​An Approach To Get Off Of Legacy Dependence  

By Mike Ziman, CEO


The number one emotion I usually sense when discussing how to move large complex systems from long-running mainframe legacy systems into more efficient and less expensive environments, is fear. 

The fear is not so much about complacency or change but it seems to be more about the unknown. It is a reasonable fear if you think about trying to gather the business functions by analyzing millions of lines of code. A government agency may have 40+ years of undocumented code and the institutional knowledge is no longer available. The question arises, “How can we document all of the functions of the code?” It is not about the code. It is about the business functions. If it was about the code then we would look at how to improve the code. That is not the task. The task is how the agency meets its mission more effectively and with a focus on cost reduction.

Most everyone (except those with a revenue stream to protect) agrees there are better infrastructure and systems development capabilities in 21st century technology than that of the last century. The agency has the answers and power to make the change within their grasp. As always, “it’s all about the data.” The data stored within the agency is the most powerful part of any agency, not only for delivering mission services but also to transform into a more highly productive and cost-effective entity.
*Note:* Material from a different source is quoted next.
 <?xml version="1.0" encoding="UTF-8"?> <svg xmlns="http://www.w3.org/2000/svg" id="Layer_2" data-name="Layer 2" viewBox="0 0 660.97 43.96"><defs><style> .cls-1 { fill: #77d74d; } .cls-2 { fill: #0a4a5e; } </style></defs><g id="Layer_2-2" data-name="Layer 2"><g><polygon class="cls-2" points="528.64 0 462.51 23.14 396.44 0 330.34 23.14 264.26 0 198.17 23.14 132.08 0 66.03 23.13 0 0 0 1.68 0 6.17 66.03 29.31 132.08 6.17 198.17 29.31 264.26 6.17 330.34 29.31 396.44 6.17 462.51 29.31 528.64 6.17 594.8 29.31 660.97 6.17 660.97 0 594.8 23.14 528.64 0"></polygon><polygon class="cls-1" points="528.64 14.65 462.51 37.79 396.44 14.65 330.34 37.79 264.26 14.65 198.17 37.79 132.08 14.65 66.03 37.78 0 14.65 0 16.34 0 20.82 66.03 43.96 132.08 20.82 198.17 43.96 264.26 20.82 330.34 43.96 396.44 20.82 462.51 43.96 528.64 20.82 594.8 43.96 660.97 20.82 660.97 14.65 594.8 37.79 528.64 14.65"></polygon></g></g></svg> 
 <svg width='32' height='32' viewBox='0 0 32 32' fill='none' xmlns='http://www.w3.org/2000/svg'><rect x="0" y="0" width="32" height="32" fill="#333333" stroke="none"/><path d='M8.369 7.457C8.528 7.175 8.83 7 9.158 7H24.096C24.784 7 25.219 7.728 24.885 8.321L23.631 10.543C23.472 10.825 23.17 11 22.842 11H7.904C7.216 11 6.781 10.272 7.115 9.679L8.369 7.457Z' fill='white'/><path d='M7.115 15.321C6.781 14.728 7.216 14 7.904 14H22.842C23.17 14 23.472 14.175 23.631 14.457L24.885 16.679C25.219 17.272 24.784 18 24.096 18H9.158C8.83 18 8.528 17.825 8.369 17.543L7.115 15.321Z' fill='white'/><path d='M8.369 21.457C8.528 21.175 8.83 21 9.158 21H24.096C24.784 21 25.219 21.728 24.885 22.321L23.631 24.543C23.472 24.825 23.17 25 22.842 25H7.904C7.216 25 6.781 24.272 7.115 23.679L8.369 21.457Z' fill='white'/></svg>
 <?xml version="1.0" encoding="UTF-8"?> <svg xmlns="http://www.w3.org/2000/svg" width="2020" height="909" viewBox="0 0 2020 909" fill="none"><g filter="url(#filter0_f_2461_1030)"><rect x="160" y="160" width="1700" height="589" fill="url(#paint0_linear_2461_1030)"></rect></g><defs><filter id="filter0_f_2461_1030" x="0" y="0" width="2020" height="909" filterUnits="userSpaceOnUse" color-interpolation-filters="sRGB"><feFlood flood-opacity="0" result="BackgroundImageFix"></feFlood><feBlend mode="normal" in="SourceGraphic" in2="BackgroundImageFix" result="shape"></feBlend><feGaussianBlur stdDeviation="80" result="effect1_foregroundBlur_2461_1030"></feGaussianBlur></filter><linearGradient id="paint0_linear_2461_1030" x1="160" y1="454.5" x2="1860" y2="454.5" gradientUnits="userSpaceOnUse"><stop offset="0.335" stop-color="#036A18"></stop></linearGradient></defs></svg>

How does the data tell us the business functions necessary to transform the system? All of the automated business functions access data and then perform their task/functions to meet the agency mission. Watch the data  Document all of the access points. Answer the: Who, What When and Where (the How is what we are replacing) is taking place for all data. Sounds overwhelming? There are tools like SPLUNK® Enterprise that perform this very task. The business functional analysis will still have to be done but at least a map generated by data usage will tell you what is going on today. I would not be surprised to find that much of the programming is not doing what was thought, and is actually quite ineffective. Additionally, one may find many inaccuracies within some datasets.
What else can be transformed through this discovery? Remember, it’s all about the data. Older legacy systems were built and functionality added over the years often creating new datasets and eventually creating a stovepipe environment. It would not be unusual if the data were not normalized and redundancy occurred or if some data were abandoned in use but not in storage. The logging of the data usage will also allow for normalization and should generate interest in creating a data lake or enterprise data warehouse. Tools like Hadoop® and the use of cloud structures can maintain speed to access. This will also create more efficiency and reduce costs. Additionally, the data in various stovepipes lends itself to be less secure because of the redundant and numerous pipes into the data and the system.

The large complex systems of the 20th century performed amazing services and many still do. However, there are better and less expensive alternatives today. To alleviate the fear of converting legacy code, focus on the data not the code because the goal is to truly transform and throw that old code away.